En relisant un article d’il y a tout juste deux ans de Takayuki Nakayama (chief director sur Street Fighter V), un détail à propos d’un élément de stage abandonné m’a étonné : Nakayama précisait que « le maire [était] coincé dans l’ascenseur ».

En 2016, la légende n’avait aucune équivoque : il parlait forcément de Haggar, maire de Metro City depuis Final Fight. Pourtant, et il va falloir nous y habituer après une mandature commencée en 1989, c’est maintenant Cody, venu du même jeu, qui le remplace à ce poste.

Cette petite contradiction indiquait-elle que les développeurs de Street Fighter V n’avaient pas défini en 2016 la liste des personnages voués à sortir en DLC, mais surtout que l’idée d’un Cody maire à la place de l’autre n’avait encore pas germé dans leur esprit ?

Takayuki Nakayama a eu la gentillesse de répondre, en français et sans équivoque :

L’idée que le scénario d’un jeu puisse ne pas être fixé au moment de sa sortie n’exprime sans doute que mon romantisme sur la création de jeu : c’est qu’à lire toutes ces passionnantes notes de développement dont Capcom est désormais prodigue et où le moindre détail s’avère si travaillé, comment penser que tout n’est pas maîtrisé dès le départ ? 

Ainsi dans ma tête, si Street Fighter V était sorti initialement sans mode histoire (le DLC a été proposé en juin, 6 mois après sa commercialisation), c”était uniquement parce qu’ils n’avaient pas eu le temps de l’inclure, et pas qu’ils ne l’avaient pas encore complètement écrite.
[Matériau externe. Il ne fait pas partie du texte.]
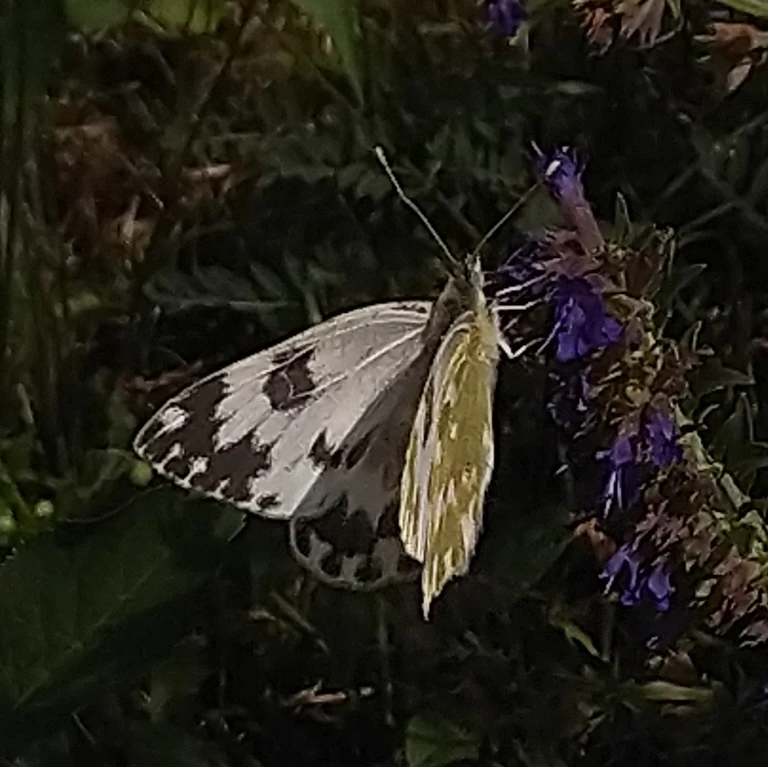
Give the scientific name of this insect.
Pontia edusa
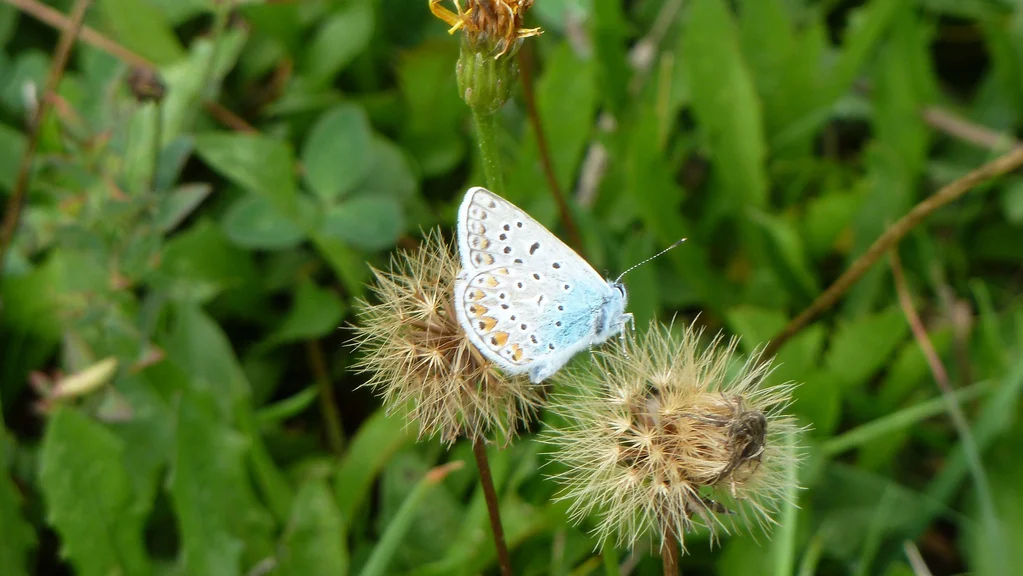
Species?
Polyommatus icarus

Bref une bonne poire.

Pourtant, à bien y repenser, le précédent Street Fighter avait déjà donné lieu à ce genre de choses : interrogé à propos de la nationalité d’Abel, nouveau personnage de la série Street Fighter IV en 2009, Yoshinori Ono, le producteur exécutif, répondait ainsi : 

La version arcade “sous-entend” qu’il est français, mais il se peut qu’il y ait du changement d’ici là, avec les scénarios prévus pour la version console.
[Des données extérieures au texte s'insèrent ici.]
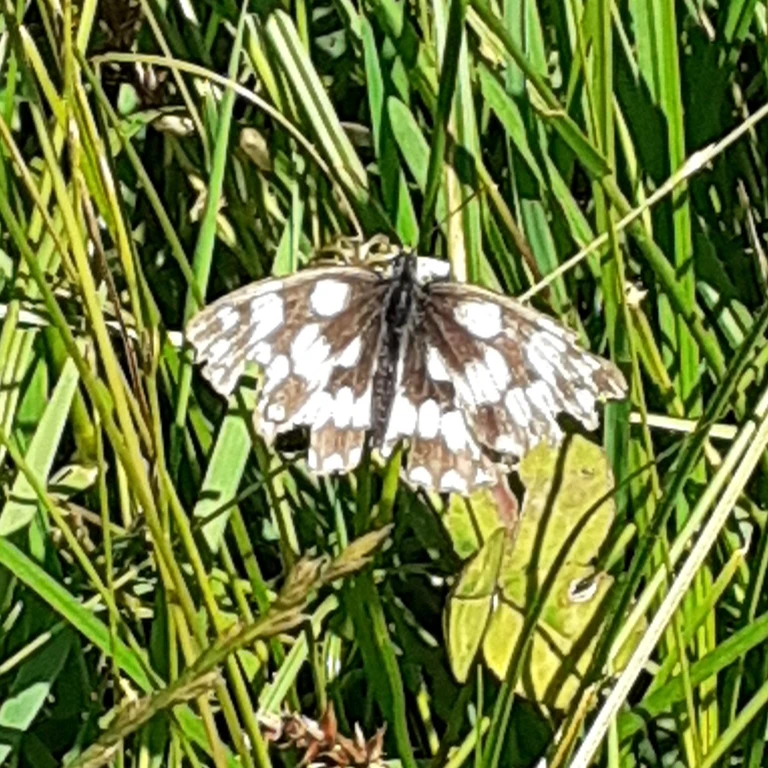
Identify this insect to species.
Melanargia galathea

À force, le doute en devient méthodique. Prenons Hakan, personnage ajouté en 2010 dans Super Street Fighter IV.

Toshiyuki Kamei, le directeur artistique, était alors plein de promesses à propos de l’étonnante chevelure d’Hakan (source) :

Il y a une explication à sa coiffure, mais nous préférons la garder en secrète pour l’instant (rires). Néanmoins si vous réfléchissez à ses caractéristiques et à ses coups, vous pourriez la trouver.

Presque dix ans après, le mystère n’a jamais été dévoilé, à se demander si la solution de l’énigme existait vraiment (à l’époque, j’aurais parié que la forme correspondait à des culs de bouteilles d’huile). Est-ce que l’idée ne leur est finalement pas venue ? A moins qu’ils ne l’aient oubliée avec le temps : il y aurait les idées qui ne viennent qu’au fil de l’eau, à mesure que le jeu se peaufine, et celles qui disparaissent, faute d’avoir été rendues publiques au bon moment.